14. Again in Masalti and Ors. v. State of U.P. this Court observed: (p. 209-210 para 14):
“But it would, we think, be unreasonable to contend that evidence given by witnesses should be discarded only on the ground that it is evidence of partisan or interested witnesses.The mechanical rejection of such evidence on the sole ground that it is partisan would invariably lead to failure of justice. No hard and fast rule can be laid down as to how much evidence should be appreciated Judicial approach has to be cautious in dealing with such evidence; but the plea that such evidence should be rejected because it is partisan cannot be accepted as correct.”
15. To the same effect is the decision in State of Punjab v. Jagir Singh and Lehna v. State of Haryana (2002 (3) SCC
16. Looked at from the aforesaid angle, the trial Court had erroneously discarded the prosecution evidence and the High Court was right in accepting their evidence.
17. One of the pleas raised by learned counsel for the appellants was that the injuries as noticed by the doctor are at variance with the ocular evidence. On a close reading of the evidence of eye-witnesses and the doctor’s report there is no noticeable variance. The mere fact that doctor said that injuries appeared to be on one side of the body and the witnesses said that attacks were from different sides, is too trifle an aspect. When three persons are attacking a person, the witnesses naturally get shocked. This is normal human conduct and the immediate reaction is to save the victim and to stop the assailants from further attacks. That is precisely what has been done by the eye-witnesses. It is only when the medical evidence totally improbabilises the ocular evidence, that the Court starts suspecting the veracity of the evidence and not otherwise.
18. In view of the fact that the order of acquittal was set aside by the High Court, we have gone through the evidence carefully and minutely in the background of submissions made by the learned counsel for the appellants. We find that, as rightly observed by the High Court, minor irrelevant factors were highlighted to discard credible, cogent and trustworthy evidence. It is true that an order of acquittal should not be lightly interfered with. This Court in a number of cases has held that though the appellate Court has full power to review the evidence upon which the order of acquittal is founded, still while exercising such an appellate power in a case of acquittal, the appellate Court should not only consider every matter on record having a bearing on the question of fact and the reasons given by the Courts below in support of its order of acquittal, it must express its reasons in the judgment which led it to hold that the acquittal is not justified.

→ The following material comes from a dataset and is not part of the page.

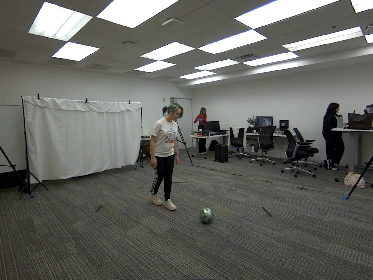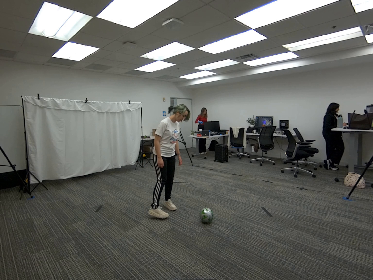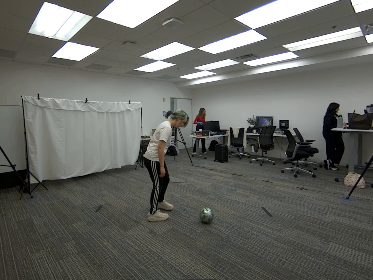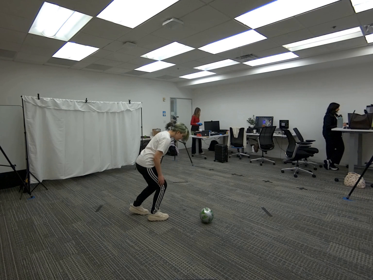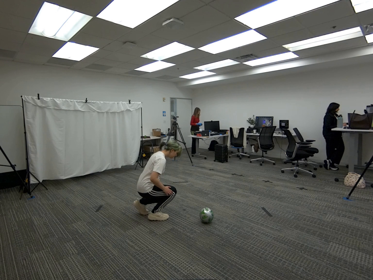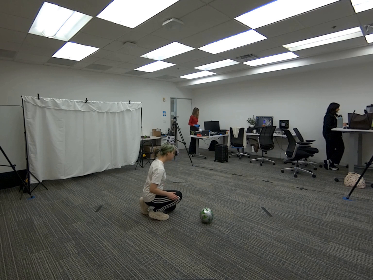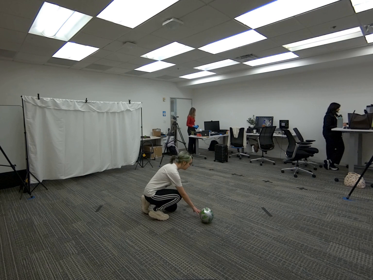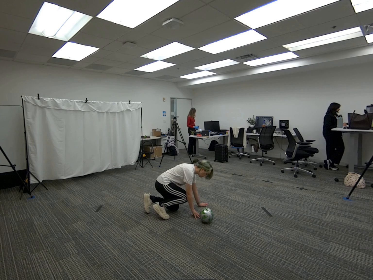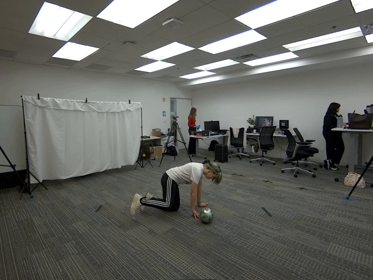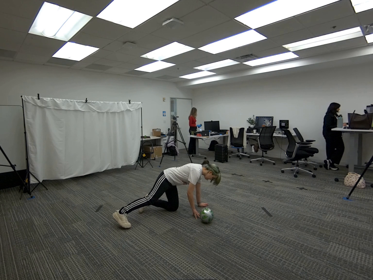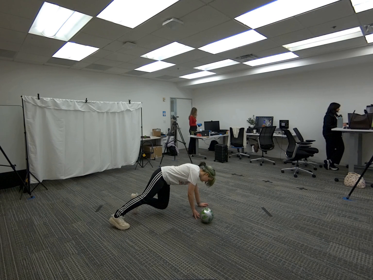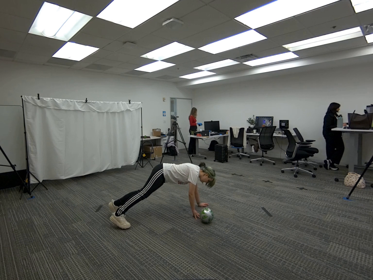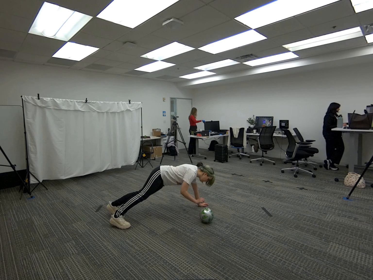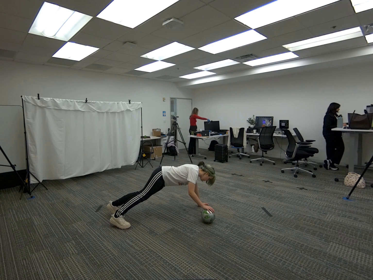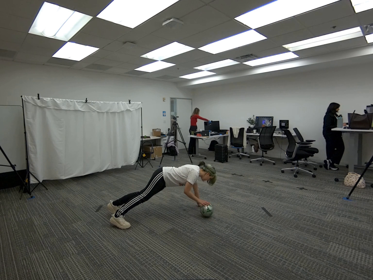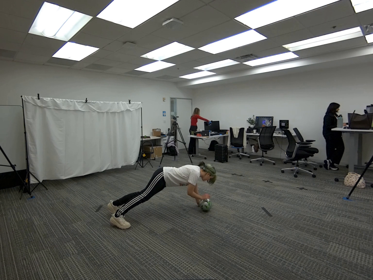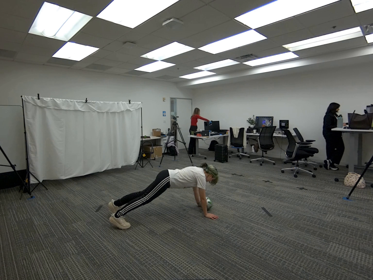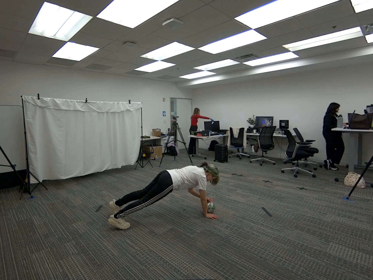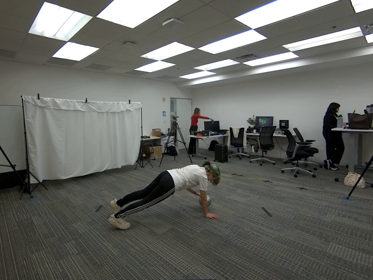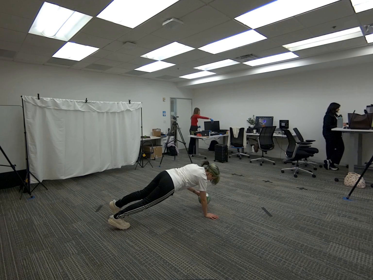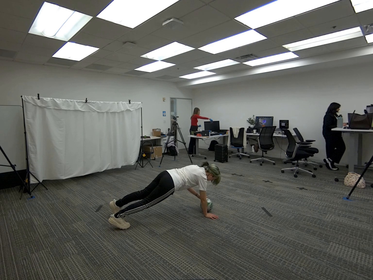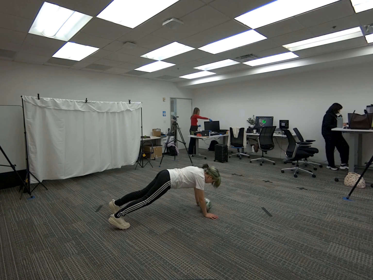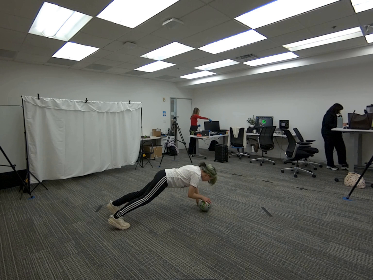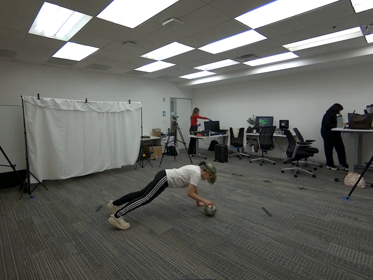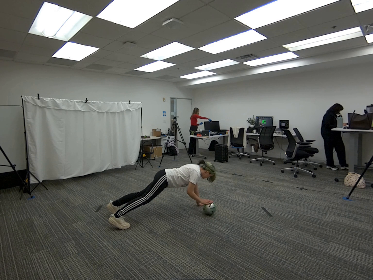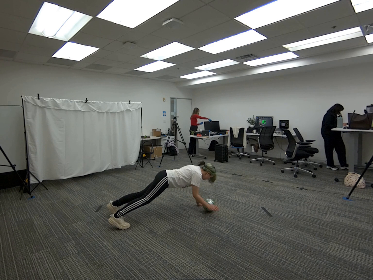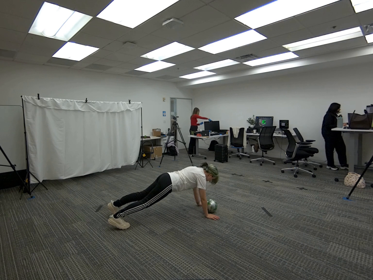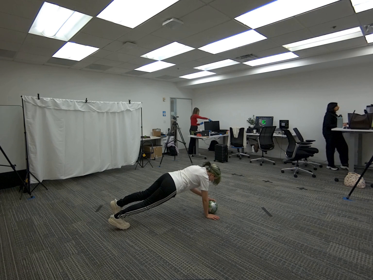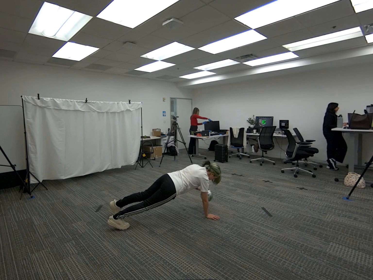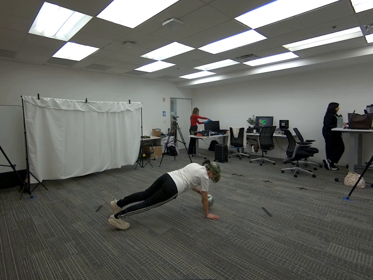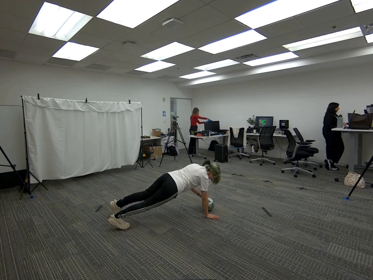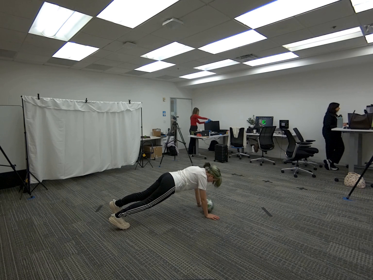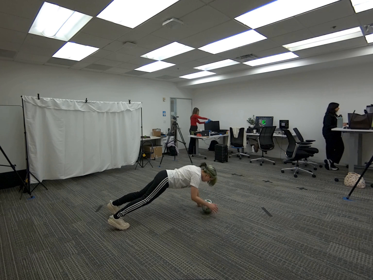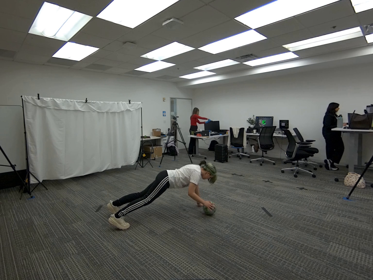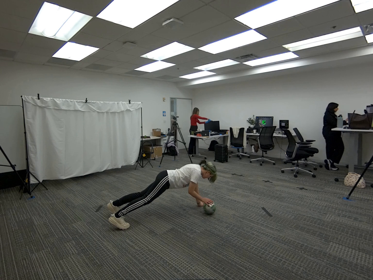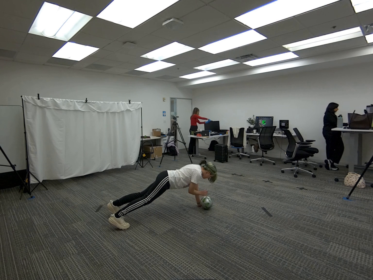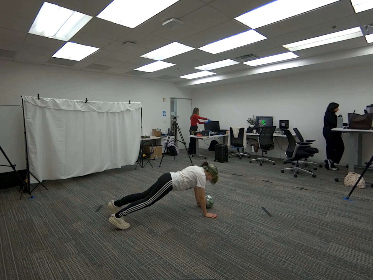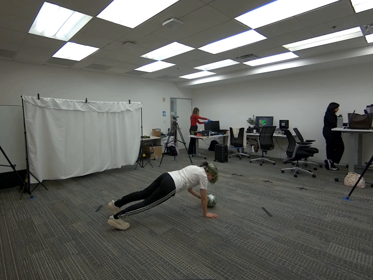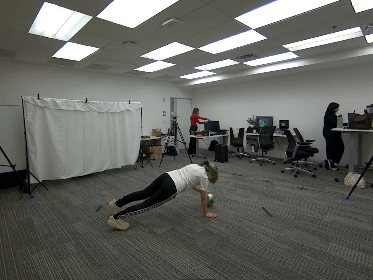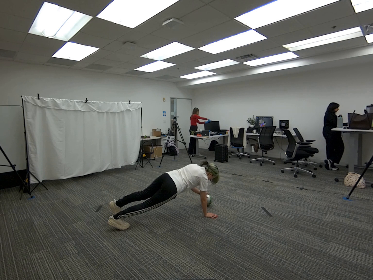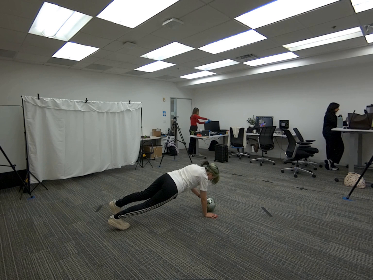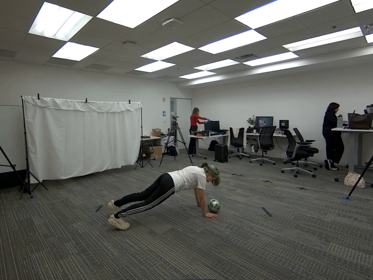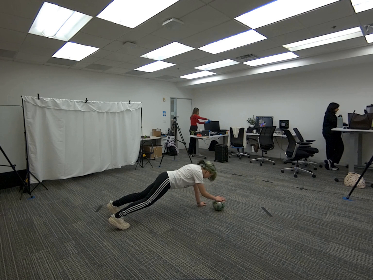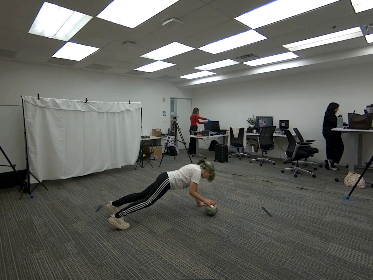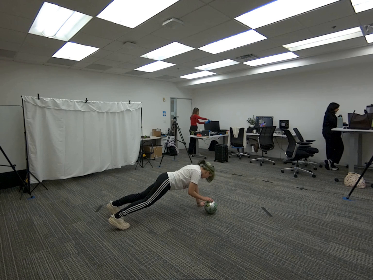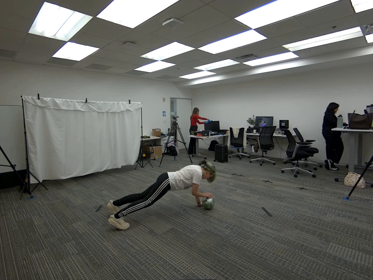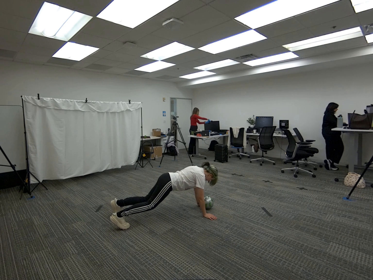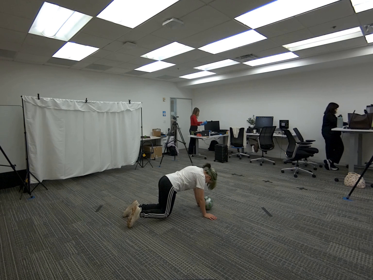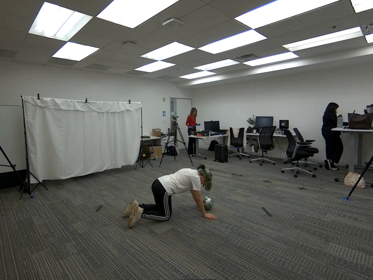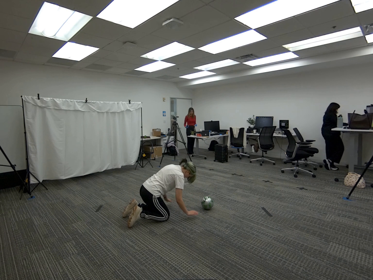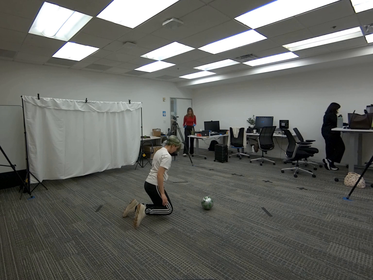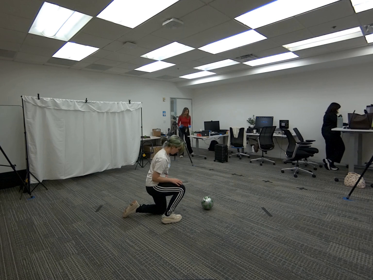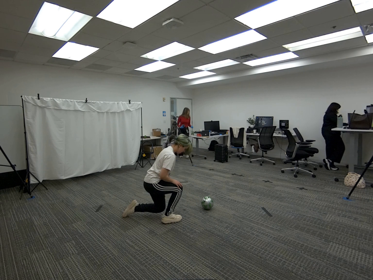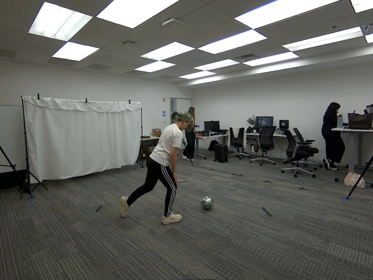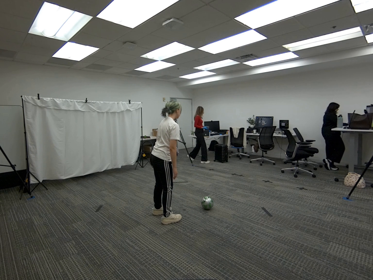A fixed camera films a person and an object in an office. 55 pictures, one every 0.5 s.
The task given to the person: Get into a plank position and grasp the soccer ball with one hand and pass it to the other hand. Interchange about 5 times while keeping the plank position.

19. It is obligatory on the High Court while reversing an order of acquittal to consider and discuss each of the reasons given by the trial court to acquit the accused and then to dislodge those reasons. [See Chandu v. State of Maharashtra (2001) 4 SCALE 590) and Kashiram and Ors. v. State of M.P. ].
20. In the instant case, the High Court has discharged the aforesaid obligation as required and by careful analysis demolished each one of the fundamentally weak reasonings given by the trial court.
21. The inevitable result of this appeal is dismissal which we direct. The accused-appellants who are on bail are directed to surrender to custody to serve the remainder sentence.